Date: 2026-03-19 Difficulty: Medium Topics: Binary Search, Array Link: https://leetcode.com/problems/find-minimum-in-rotated-sorted-array/

Final Solution §

class Solution:
    def findMin(self, nums: List[int]) -> int:
        start = 0
        end = len(nums) - 1
        while start < end:
            mid = start + (end - start) // 2
            if nums[mid] > nums[end]:
                start = mid + 1
            else:
                end = mid
        return nums[start]

Initial Issues §

• Compared nums[mid] > nums[mid - 1] — mid = 0 causes nums[-1] to wrap to last element in Python
• Used start = mid with while start <= end — infinite loops when start == end == mid
• Compared nums[mid] > end — end is an index, not a value; must be nums[end]

Key Learnings §

Compare nums[mid] against nums[end] §

• nums[mid] > nums[end] → rotation point is to the right, so start = mid + 1 (mid can’t be the min since something smaller is on the right)
• nums[mid] <= nums[end] → mid could be the min or it’s to the left, so end = mid (keep mid in search space)

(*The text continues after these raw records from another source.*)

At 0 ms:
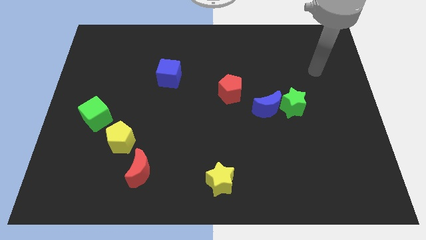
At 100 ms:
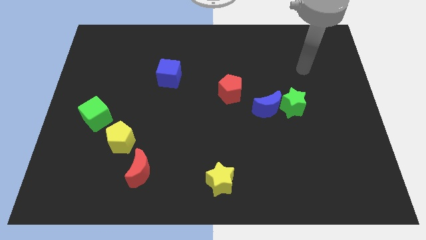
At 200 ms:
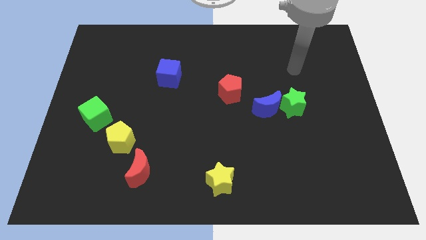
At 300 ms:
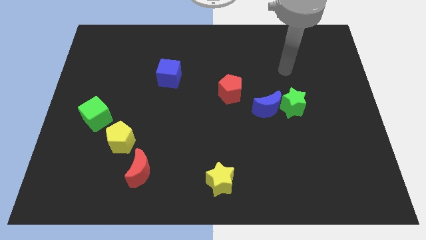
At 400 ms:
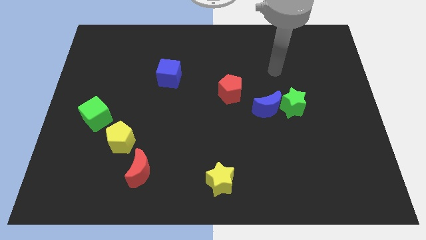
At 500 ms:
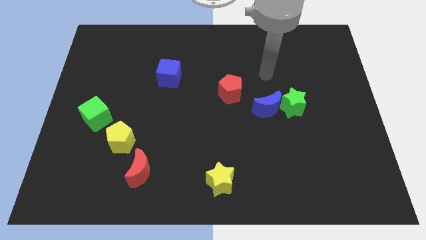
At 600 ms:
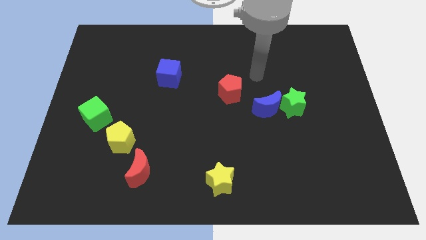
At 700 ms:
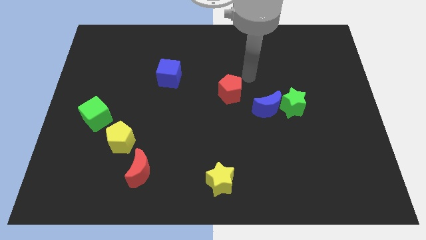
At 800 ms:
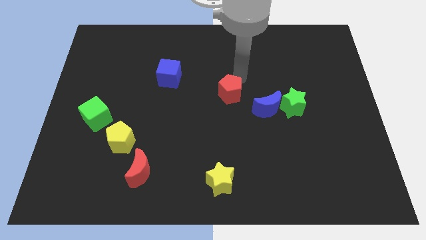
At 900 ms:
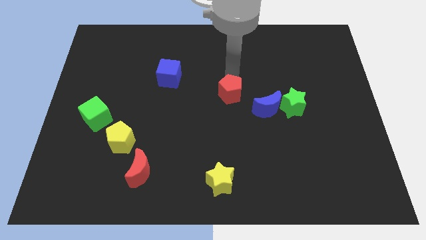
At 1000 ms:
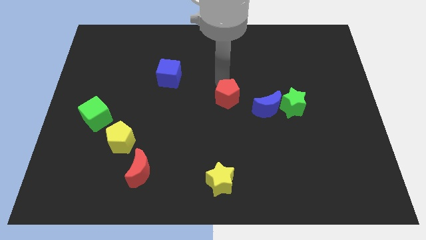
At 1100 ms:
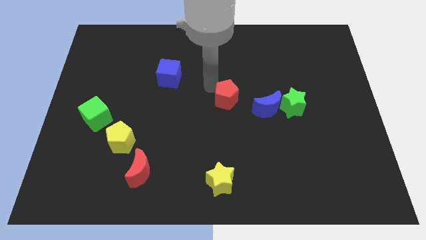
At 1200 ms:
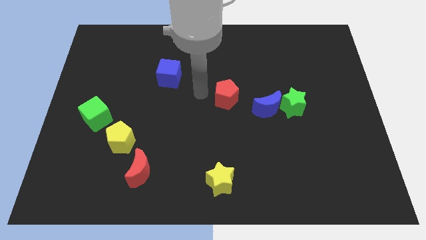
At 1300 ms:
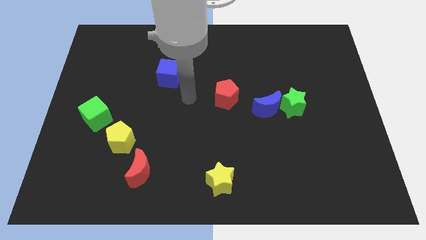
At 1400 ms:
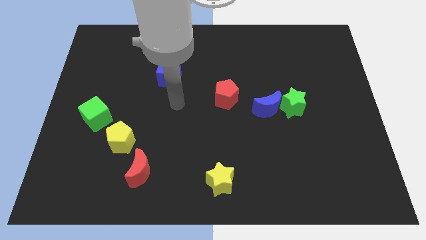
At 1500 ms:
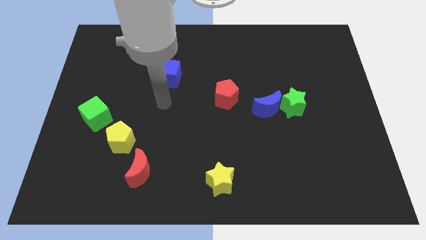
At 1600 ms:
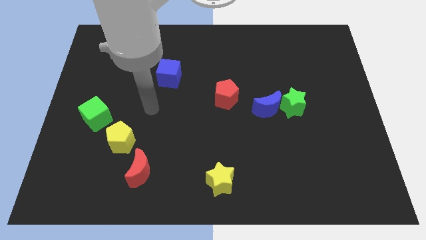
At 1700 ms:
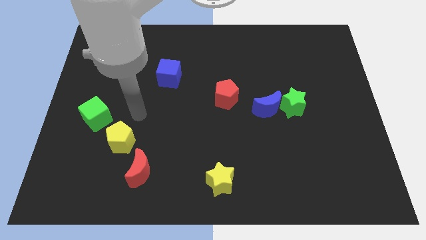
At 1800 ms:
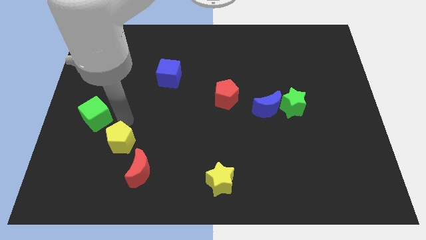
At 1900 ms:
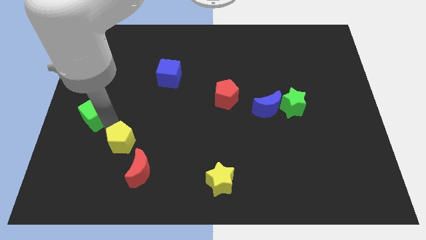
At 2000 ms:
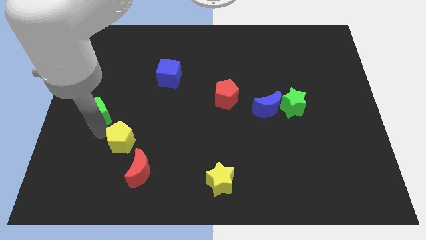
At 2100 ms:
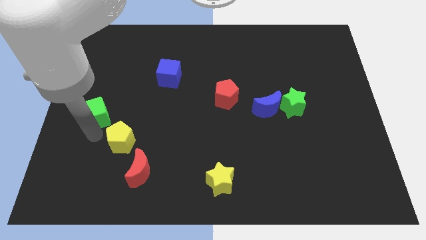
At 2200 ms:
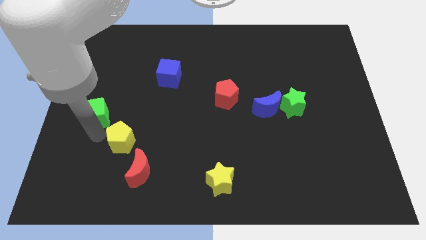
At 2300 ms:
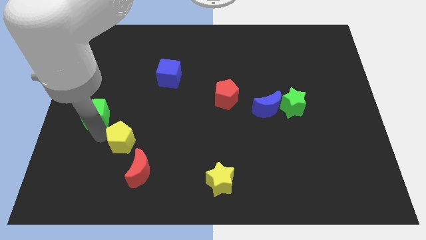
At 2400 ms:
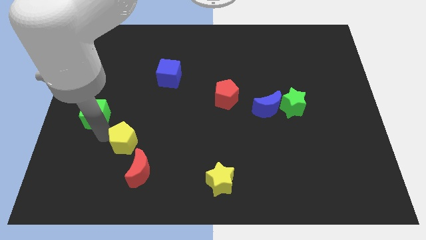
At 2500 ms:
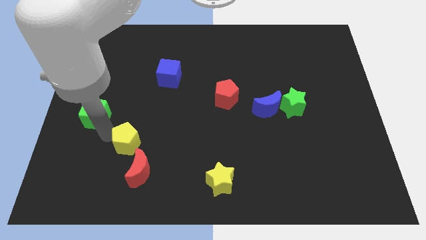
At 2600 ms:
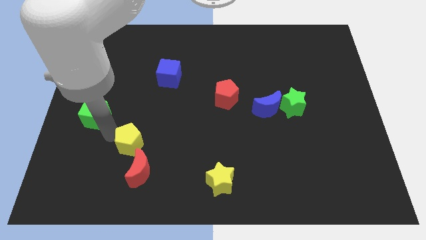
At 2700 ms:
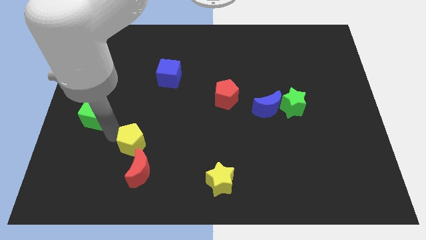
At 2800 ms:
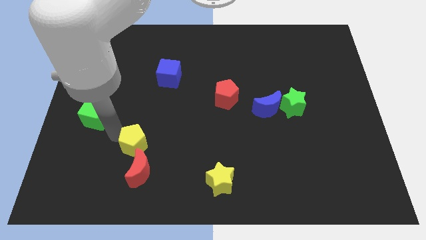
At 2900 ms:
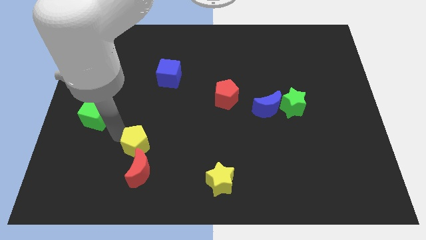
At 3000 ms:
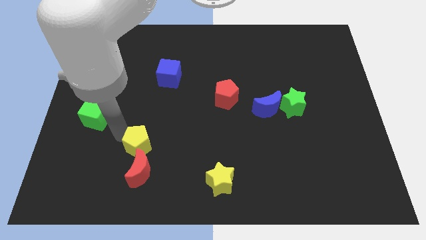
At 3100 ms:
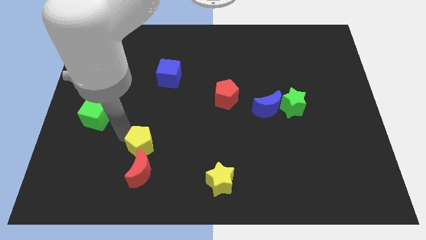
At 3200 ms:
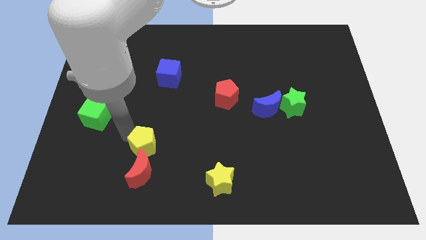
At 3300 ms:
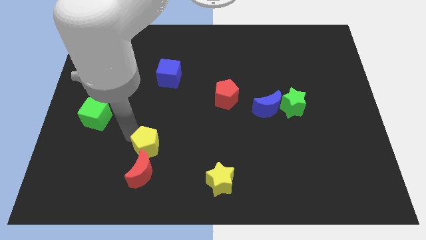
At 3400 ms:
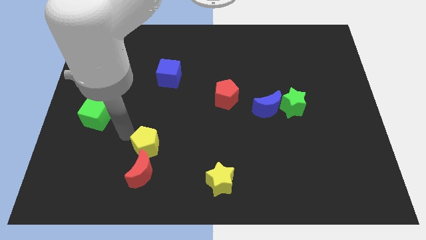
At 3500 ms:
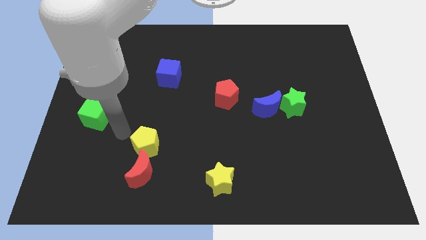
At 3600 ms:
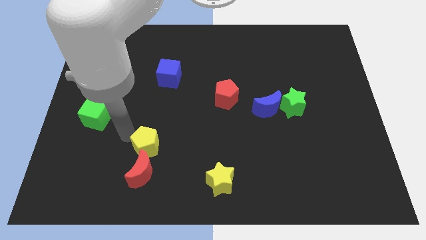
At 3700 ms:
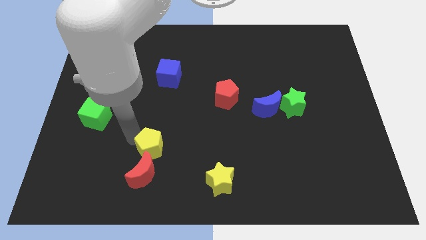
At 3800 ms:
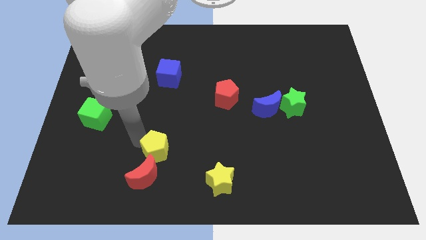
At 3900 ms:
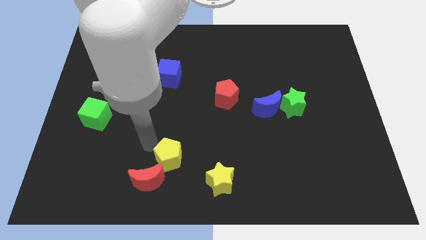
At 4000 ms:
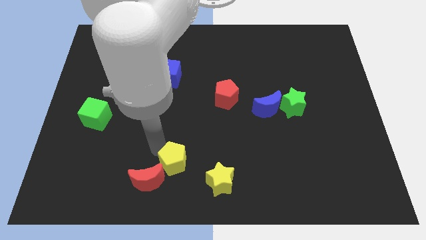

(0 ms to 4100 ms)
slide the yellow pentagon just right of the red moon
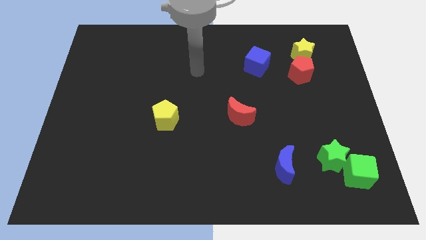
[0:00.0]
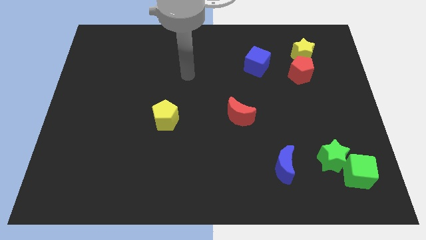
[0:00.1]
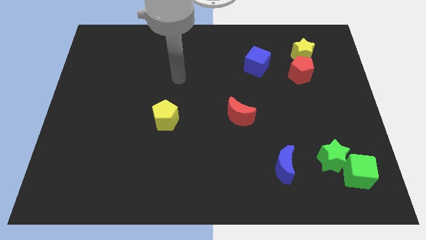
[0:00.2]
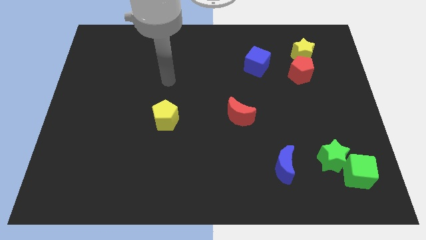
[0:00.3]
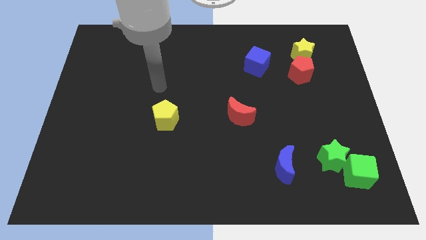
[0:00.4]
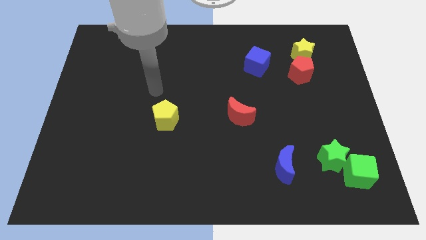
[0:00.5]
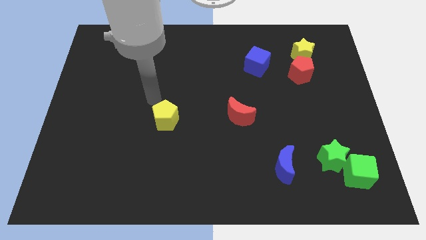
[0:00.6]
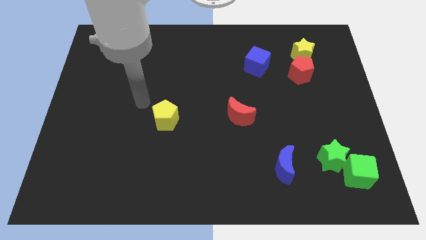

while start < end vs while start <= end §

	start <= end	start < end
Goal	Find target or return not found	Narrow down to one answer
Ends when	Search space empty (start > end)	One element left (start == end)
Return	Inside loop (found) or after (-1)	After loop: nums[start]
Used for	Exact target search (704, 74)	Find min, boundary, first/last
Why not the other	N/A	end = mid when start == end → infinite loop

Key insight §

• start < end guarantees mid < end (since mid = (start+end)//2 rounds down), so end = mid always shrinks the window
• Answer always exists — just shrinking to size 1

Complexity §

• Time: O(log n)
• Space: O(1)